Macroeconomic effects of fiscal policy on:


1. Inflation Inflation and fiscal policy affects the level of economic activities of a country. Fiscal policy is the Government's expenditure policy that influences macroeconomic conditions. Inflation is a monetary phenomenon, which is measured by changes in Consumer Price Index (CPI). The fiscal policy influences interest rates, tax rates and government spending strategy. The fiscal policy has the power to affect the level of overall demand in the economy. The primary objective of fiscal policy is to maintain the price stability, economic growth and employment of the country.

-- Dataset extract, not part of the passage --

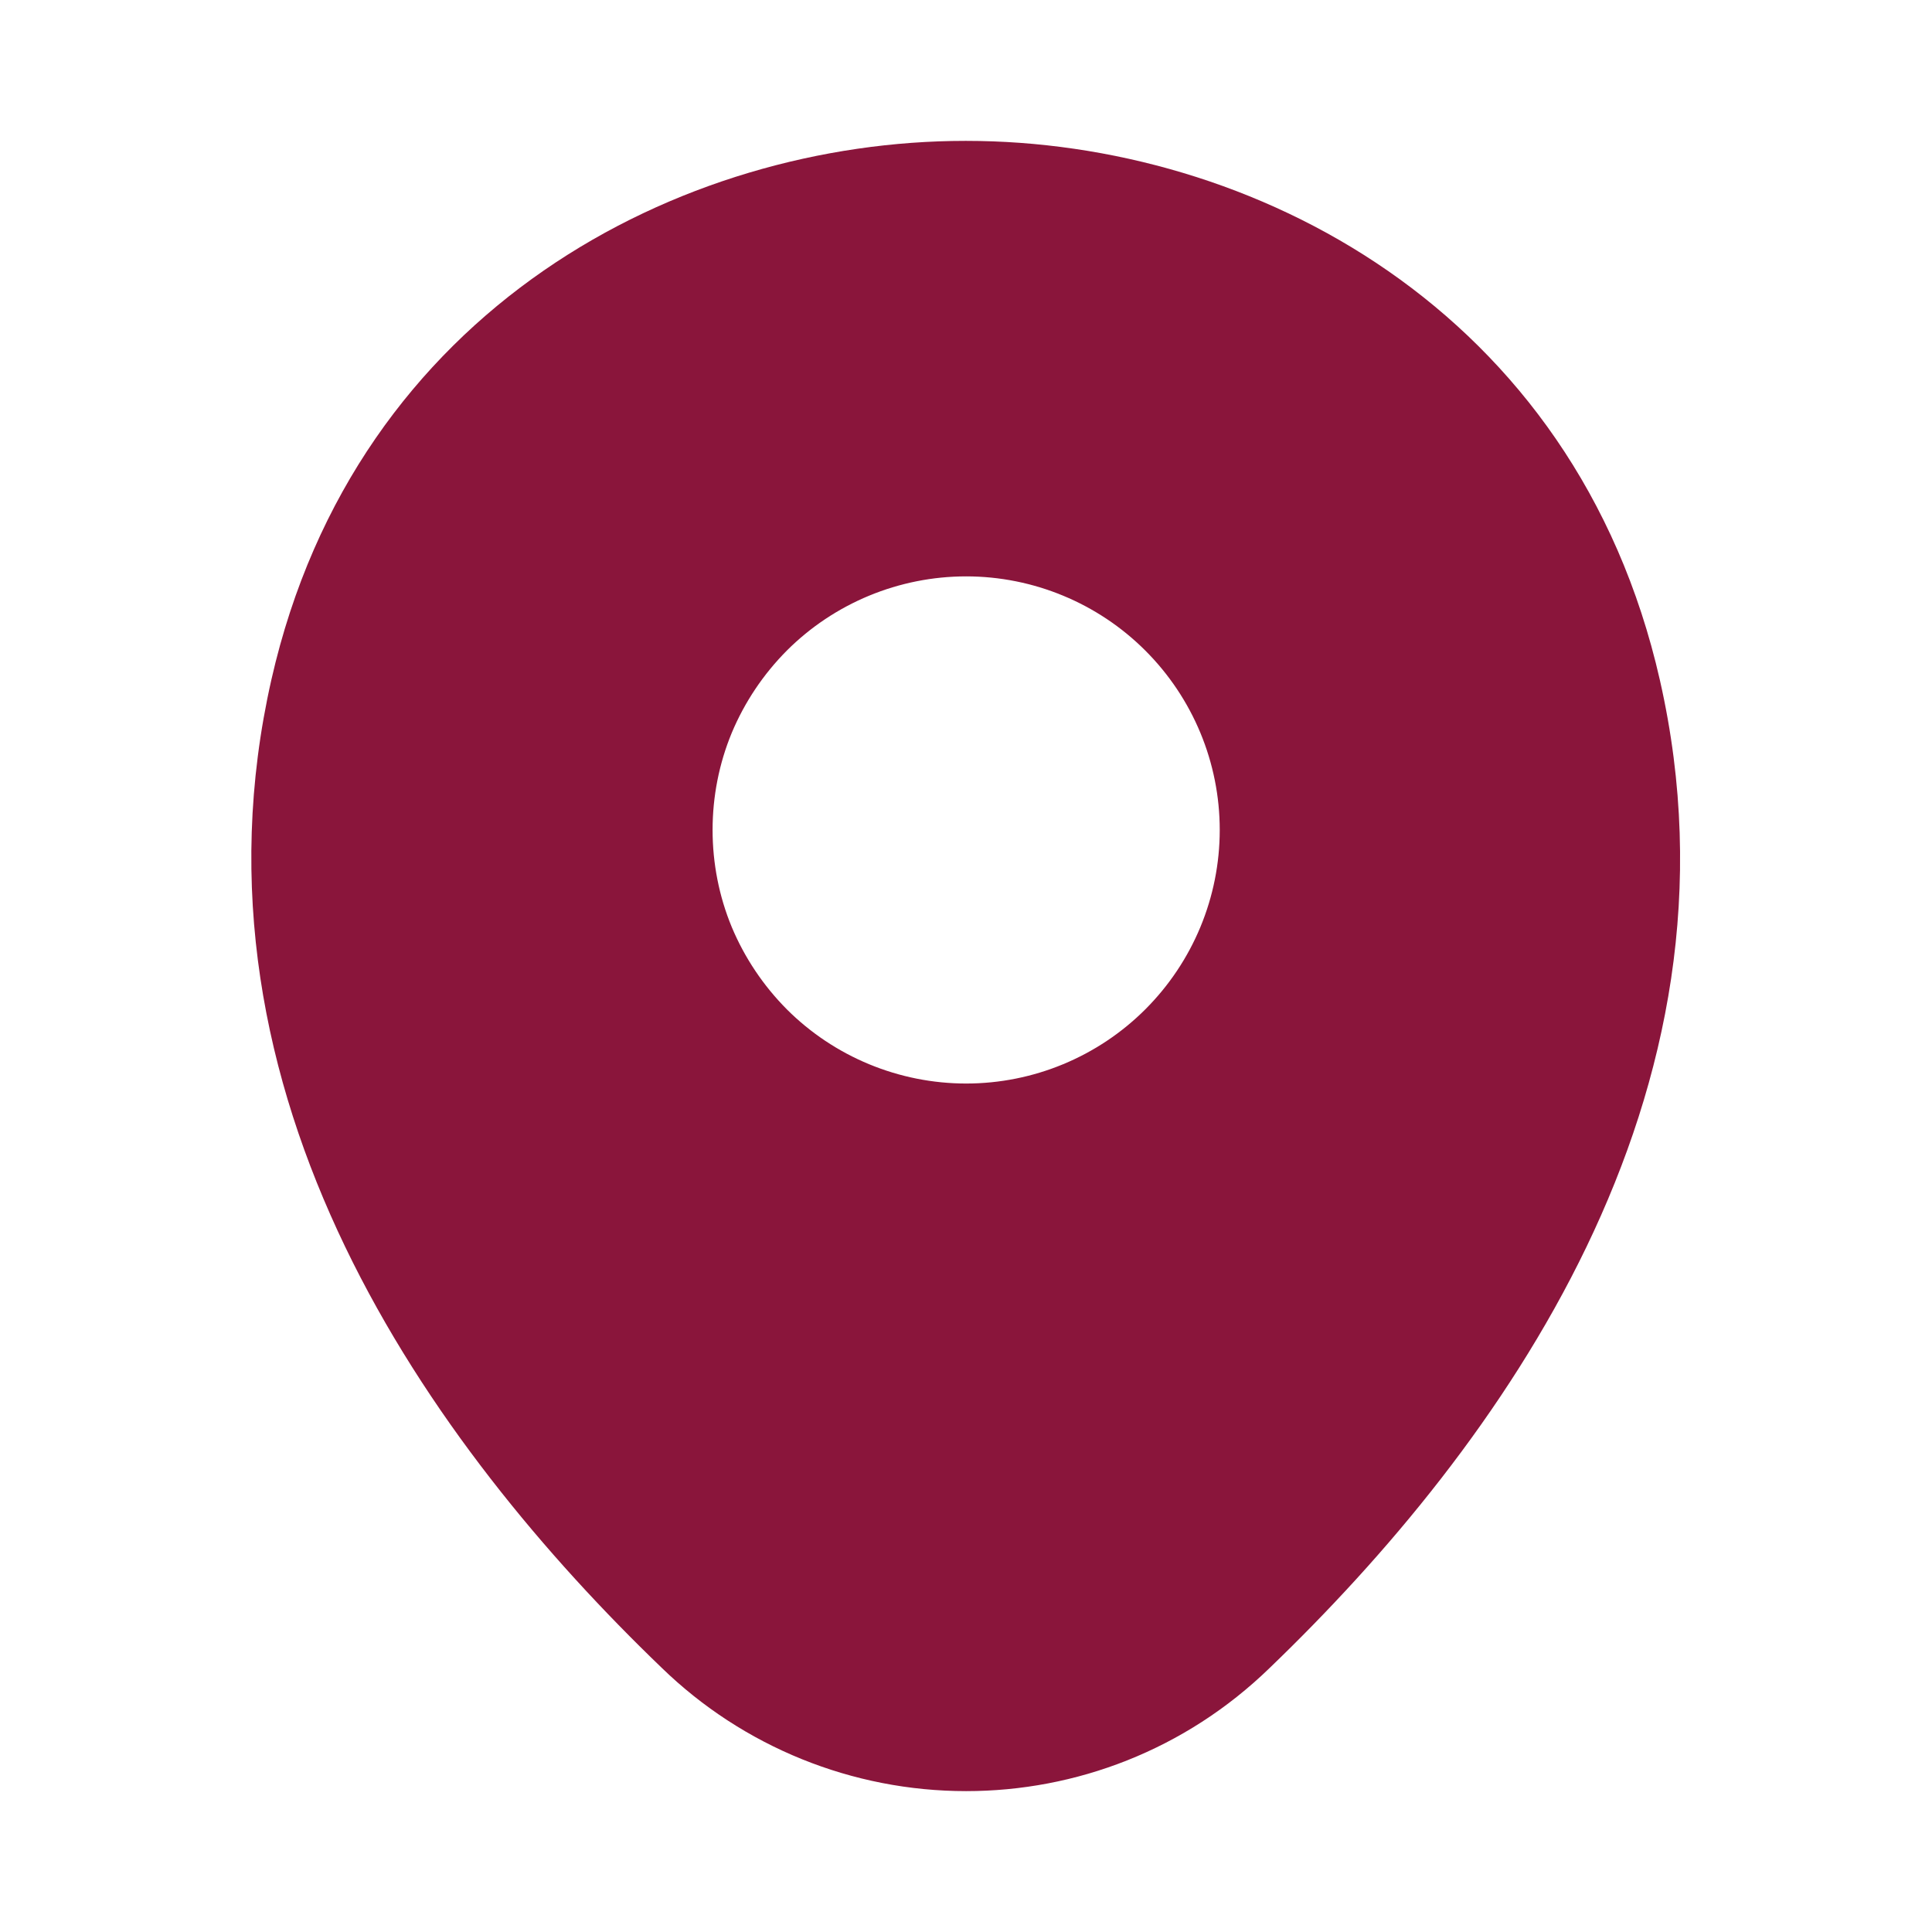 <svg width="12" height="12" viewBox="0 0 12 12" fill="none" xmlns="http://www.w3.org/2000/svg">
<path d="M10.31 4.225C9.786 1.915 7.771 0.875 6.001 0.875H5.996C4.231 0.875 2.211 1.91 1.686 4.22C1.101 6.8 2.681 8.985 4.111 10.36C4.617 10.851 5.295 11.125 6.001 11.125C6.681 11.125 7.361 10.87 7.886 10.36C9.316 8.985 10.896 6.805 10.31 4.225ZM6.001 6.73C5.794 6.73 5.589 6.689 5.398 6.61C5.207 6.531 5.033 6.415 4.887 6.269C4.741 6.122 4.625 5.949 4.545 5.758C4.466 5.567 4.426 5.362 4.426 5.155C4.426 4.948 4.466 4.743 4.545 4.552C4.625 4.361 4.741 4.188 4.887 4.041C5.033 3.895 5.207 3.779 5.398 3.7C5.589 3.621 5.794 3.58 6.001 3.58C6.418 3.58 6.819 3.746 7.114 4.041C7.41 4.337 7.576 4.737 7.576 5.155C7.576 5.573 7.41 5.973 7.114 6.269C6.819 6.564 6.418 6.73 6.001 6.73Z" fill="#8A153B"/>
</svg>

Hence an appropriate fiscal policy can help in combating rising inflation rates. 2. Growth The effect of fiscal policy on economic growth is a controversial and longstanding topic in economic theory, empirical research, and economic policymaking. Most growth models predict that taxes on investment and income have a detrimental effect on growth. These taxes affect the rate of growth through a simple, direct channel: they reduce the private returns to accumulation. But not all taxes affect the rate of growth. The most important obstacle to an empirical analyses of the effects of fiscal policy on growth is that marginal tax rates and

subsidies-which are the relevant variables according to theory- are not observable. The evidence that tax rates matter for growth is disturbingly fragile. This empirical fragility contrast sharply with the robustness of the theoretical predictions: most growth models predict that income and investment taxes are detrimental to growth.

3. Levels of Employment The majority of macroeconomic models that study the effects of government spending usually view it as Purchases of goods and services. However, the main component of government consumption is compensation to employees. In the United States the public sector wage bill represents around 60 percent of government consumption expenditures. Government employment is an important aspect of fiscal policy, but it is also a sizable element of the labour market. In the United States around 16 percent of all employees are working in the public sector. Given its relevance, it seems plausible that part of the transmission mechanism of fiscal policy occurs through the labour market. In steady state, the optimal public sector wage premium depends mainly on the differences of the labour market frictions parameters of the public sector relative to the private sector, for instance the job security. If the government sets a higher wage, it induces too many unemployed to queue for public sector jobs and raises private sector wages, thus reducing private sector job creation and increasing unemployment. Conversely, if it sets a lower wage, few unemployed want a public sector job and the government faces recruitment problems. This further dampens job creation in the private sector and amplifies the business cycle. Deviations from the optimal policy can entail significant welfare losses. If, for instance, the public sector wage does not respond to the

cycle, volatility of unemployment doubles. The level of employment and wages in the public sector are relevant, not just because of their weight in the economy or in the government budget, but also because they play an important role over the business cycle.